To do:
Could you repeat the records below exactly, without the pictures?

START Exercise data

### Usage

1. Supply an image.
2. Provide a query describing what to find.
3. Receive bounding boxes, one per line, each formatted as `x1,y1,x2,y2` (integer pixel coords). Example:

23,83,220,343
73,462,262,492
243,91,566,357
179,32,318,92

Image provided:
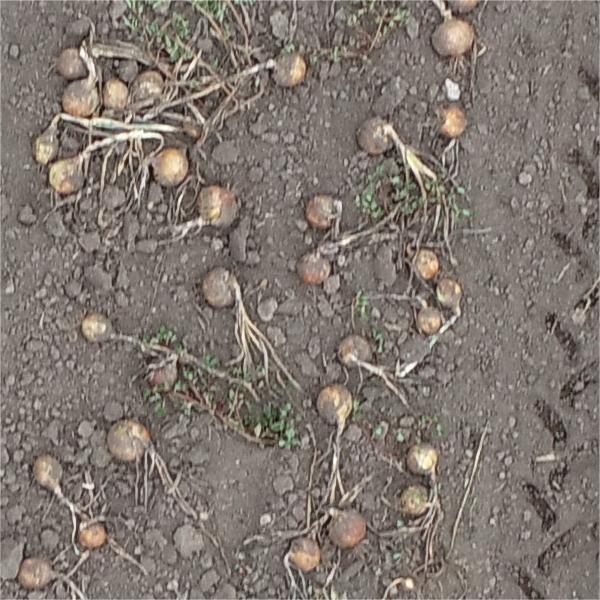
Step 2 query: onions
296,254,328,283
62,80,98,116
30,454,62,488
144,348,174,387
396,484,426,517
433,20,471,55
47,156,82,195
286,538,320,572
115,59,138,83
303,195,338,230
76,519,107,549
199,186,237,225
198,268,235,307
79,311,109,341
54,50,84,77
354,117,390,154
325,507,366,547
405,444,436,472
101,78,129,109
336,332,369,366
31,132,62,163
313,387,354,424
128,71,162,105
436,105,467,136
414,305,442,333
447,0,479,15
386,573,416,598
17,557,52,588
434,278,463,309
149,146,186,184
107,418,147,459
411,250,442,279
271,49,307,86

END Exercise data

Your response:
### Usage

1. Supply an image.
2. Provide a query describing what to find.
3. Receive bounding boxes, one per line, each formatted as `x1,y1,x2,y2` (integer pixel coords). Example:

23,83,220,343
73,462,262,492
243,91,566,357
179,32,318,92

Image provided:
Step 2 query: onions
296,254,328,283
62,80,98,116
30,454,62,488
144,348,174,387
396,484,426,517
433,20,471,55
47,156,82,195
286,538,320,572
115,59,138,83
303,195,338,230
76,519,107,549
199,186,237,225
198,268,235,307
79,311,109,341
54,50,84,77
354,117,390,154
325,507,366,547
405,444,436,472
101,78,129,109
336,332,369,366
31,132,62,163
313,387,354,424
128,71,162,105
436,105,467,136
414,305,442,333
447,0,479,15
386,573,416,598
17,557,52,588
434,278,463,309
149,146,186,184
107,418,147,459
411,250,442,279
271,49,307,86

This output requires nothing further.